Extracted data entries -
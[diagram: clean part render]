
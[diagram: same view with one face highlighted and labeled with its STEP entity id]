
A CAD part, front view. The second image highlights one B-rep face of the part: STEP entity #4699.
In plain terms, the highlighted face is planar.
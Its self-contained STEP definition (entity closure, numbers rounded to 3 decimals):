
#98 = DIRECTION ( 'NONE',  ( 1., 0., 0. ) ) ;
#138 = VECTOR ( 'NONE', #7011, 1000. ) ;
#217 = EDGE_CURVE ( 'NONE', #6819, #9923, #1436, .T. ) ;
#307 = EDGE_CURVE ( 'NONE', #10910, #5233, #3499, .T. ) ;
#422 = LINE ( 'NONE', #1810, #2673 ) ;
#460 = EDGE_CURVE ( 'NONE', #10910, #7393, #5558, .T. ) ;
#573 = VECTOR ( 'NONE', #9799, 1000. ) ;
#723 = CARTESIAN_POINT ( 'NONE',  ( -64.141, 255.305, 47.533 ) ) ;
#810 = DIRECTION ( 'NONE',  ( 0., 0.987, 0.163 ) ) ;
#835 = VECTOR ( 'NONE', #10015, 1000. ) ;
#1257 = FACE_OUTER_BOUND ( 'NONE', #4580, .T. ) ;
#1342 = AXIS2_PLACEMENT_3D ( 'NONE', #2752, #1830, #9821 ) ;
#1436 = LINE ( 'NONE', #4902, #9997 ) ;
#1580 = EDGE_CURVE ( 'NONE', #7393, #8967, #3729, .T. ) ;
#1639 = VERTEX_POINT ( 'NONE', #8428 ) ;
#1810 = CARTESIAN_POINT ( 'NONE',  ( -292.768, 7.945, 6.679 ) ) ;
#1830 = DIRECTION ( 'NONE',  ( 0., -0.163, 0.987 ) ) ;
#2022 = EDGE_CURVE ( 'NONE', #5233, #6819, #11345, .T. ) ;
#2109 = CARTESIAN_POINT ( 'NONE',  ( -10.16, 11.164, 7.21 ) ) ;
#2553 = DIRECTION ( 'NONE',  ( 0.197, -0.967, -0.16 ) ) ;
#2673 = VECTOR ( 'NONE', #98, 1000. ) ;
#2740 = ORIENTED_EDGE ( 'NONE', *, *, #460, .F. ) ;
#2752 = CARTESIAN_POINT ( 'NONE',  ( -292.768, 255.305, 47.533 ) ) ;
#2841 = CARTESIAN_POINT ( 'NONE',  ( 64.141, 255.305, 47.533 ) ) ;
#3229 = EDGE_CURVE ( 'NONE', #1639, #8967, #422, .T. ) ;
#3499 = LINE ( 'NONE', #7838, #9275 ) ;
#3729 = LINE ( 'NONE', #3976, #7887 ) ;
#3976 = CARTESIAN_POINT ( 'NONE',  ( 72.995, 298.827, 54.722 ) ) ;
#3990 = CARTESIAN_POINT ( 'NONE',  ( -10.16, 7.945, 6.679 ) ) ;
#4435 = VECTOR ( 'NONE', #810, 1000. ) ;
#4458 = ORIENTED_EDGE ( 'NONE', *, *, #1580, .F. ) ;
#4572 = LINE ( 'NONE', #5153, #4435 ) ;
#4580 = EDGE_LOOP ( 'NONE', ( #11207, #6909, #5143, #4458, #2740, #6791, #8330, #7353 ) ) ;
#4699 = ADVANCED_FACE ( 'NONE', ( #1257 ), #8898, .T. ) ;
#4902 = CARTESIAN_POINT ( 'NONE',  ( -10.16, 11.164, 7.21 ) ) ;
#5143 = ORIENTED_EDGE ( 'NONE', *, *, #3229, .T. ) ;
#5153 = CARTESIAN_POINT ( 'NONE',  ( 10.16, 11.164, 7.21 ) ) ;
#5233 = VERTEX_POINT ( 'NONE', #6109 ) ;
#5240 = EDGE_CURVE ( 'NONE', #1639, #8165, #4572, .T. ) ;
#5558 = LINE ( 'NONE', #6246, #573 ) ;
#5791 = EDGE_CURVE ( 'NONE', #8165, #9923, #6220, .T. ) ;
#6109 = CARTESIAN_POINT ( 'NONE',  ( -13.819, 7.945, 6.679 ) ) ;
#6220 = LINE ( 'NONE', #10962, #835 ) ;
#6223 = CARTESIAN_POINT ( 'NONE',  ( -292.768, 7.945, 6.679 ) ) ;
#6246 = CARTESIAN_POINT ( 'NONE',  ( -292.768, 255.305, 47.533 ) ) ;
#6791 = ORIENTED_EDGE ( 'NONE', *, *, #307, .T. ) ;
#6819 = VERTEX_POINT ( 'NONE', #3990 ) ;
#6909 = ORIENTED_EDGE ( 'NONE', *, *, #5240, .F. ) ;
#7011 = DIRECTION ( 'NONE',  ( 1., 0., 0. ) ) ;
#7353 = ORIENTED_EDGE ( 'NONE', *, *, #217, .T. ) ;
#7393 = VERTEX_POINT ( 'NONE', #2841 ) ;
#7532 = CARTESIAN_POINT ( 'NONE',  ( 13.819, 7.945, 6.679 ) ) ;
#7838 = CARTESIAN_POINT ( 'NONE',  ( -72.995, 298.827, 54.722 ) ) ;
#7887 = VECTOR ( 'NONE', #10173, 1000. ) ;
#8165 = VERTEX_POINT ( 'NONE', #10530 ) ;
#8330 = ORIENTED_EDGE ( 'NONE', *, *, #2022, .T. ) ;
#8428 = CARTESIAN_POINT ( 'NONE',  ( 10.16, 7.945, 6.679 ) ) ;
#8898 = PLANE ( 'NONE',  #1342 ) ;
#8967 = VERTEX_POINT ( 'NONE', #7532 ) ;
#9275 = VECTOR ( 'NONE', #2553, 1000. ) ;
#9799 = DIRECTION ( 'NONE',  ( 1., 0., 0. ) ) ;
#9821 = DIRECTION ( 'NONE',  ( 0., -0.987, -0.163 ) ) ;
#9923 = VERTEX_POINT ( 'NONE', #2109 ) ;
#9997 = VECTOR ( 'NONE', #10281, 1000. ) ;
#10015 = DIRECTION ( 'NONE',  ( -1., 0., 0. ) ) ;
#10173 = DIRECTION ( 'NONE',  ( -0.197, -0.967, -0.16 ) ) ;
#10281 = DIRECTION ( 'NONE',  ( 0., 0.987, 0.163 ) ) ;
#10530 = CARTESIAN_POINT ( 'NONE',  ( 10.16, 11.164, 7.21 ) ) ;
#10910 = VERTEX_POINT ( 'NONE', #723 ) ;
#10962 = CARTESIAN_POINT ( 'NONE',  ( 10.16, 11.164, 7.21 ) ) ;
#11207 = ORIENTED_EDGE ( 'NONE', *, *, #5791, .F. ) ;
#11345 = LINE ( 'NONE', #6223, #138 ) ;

---

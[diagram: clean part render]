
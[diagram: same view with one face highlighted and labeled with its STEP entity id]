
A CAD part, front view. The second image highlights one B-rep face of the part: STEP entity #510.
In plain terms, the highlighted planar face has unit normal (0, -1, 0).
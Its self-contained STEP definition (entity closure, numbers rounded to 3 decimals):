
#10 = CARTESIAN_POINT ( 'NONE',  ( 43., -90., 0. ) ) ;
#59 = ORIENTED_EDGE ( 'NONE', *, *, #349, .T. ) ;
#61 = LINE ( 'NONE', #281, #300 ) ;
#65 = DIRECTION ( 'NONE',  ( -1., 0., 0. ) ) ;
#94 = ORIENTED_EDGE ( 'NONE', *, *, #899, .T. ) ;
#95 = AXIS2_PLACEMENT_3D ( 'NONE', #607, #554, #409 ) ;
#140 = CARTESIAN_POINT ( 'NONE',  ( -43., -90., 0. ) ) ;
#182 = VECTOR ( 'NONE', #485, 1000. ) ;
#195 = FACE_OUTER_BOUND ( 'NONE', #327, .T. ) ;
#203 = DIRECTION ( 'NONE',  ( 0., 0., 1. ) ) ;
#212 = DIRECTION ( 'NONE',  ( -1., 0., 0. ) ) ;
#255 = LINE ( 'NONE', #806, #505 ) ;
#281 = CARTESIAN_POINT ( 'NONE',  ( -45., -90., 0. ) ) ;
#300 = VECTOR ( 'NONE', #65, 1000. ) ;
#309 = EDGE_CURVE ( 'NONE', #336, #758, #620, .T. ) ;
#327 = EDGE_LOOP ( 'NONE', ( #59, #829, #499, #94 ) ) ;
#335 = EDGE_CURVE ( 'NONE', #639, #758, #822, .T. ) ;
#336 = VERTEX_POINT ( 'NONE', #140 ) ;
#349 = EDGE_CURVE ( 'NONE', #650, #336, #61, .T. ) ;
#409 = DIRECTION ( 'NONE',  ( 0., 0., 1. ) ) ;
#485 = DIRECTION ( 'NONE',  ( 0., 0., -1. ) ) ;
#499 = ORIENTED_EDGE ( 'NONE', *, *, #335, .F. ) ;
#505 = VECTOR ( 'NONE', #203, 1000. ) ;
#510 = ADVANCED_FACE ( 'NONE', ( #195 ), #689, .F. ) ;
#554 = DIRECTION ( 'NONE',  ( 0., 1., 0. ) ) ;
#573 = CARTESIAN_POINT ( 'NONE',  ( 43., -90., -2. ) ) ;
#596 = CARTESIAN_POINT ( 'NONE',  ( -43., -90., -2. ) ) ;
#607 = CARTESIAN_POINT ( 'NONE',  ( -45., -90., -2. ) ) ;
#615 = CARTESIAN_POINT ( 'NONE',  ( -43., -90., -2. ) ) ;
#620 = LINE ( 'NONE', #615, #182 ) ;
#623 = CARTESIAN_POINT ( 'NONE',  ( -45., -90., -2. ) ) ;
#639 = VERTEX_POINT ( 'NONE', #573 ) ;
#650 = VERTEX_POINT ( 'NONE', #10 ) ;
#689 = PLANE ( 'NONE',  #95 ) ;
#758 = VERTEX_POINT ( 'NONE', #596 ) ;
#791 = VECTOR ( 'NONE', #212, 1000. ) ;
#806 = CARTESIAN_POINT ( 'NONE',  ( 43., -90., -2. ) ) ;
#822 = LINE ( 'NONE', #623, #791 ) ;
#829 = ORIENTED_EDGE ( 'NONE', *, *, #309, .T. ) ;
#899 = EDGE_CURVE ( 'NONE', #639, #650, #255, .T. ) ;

Work item - Word for word, restate the lines above from the line containing "#6909 = ORIENTED_EDGE" through the line containing "#8330 = ORIENTED_EDGE", with both included and nothing else.

Reply -
#6909 = ORIENTED_EDGE ( 'NONE', *, *, #5240, .F. ) ;
#7011 = DIRECTION ( 'NONE',  ( 1., 0., 0. ) ) ;
#7353 = ORIENTED_EDGE ( 'NONE', *, *, #217, .T. ) ;
#7393 = VERTEX_POINT ( 'NONE', #2841 ) ;
#7532 = CARTESIAN_POINT ( 'NONE',  ( 13.819, 7.945, 6.679 ) ) ;
#7838 = CARTESIAN_POINT ( 'NONE',  ( -72.995, 298.827, 54.722 ) ) ;
#7887 = VECTOR ( 'NONE', #10173, 1000. ) ;
#8165 = VERTEX_POINT ( 'NONE', #10530 ) ;
#8330 = ORIENTED_EDGE ( 'NONE', *, *, #2022, .T. ) ;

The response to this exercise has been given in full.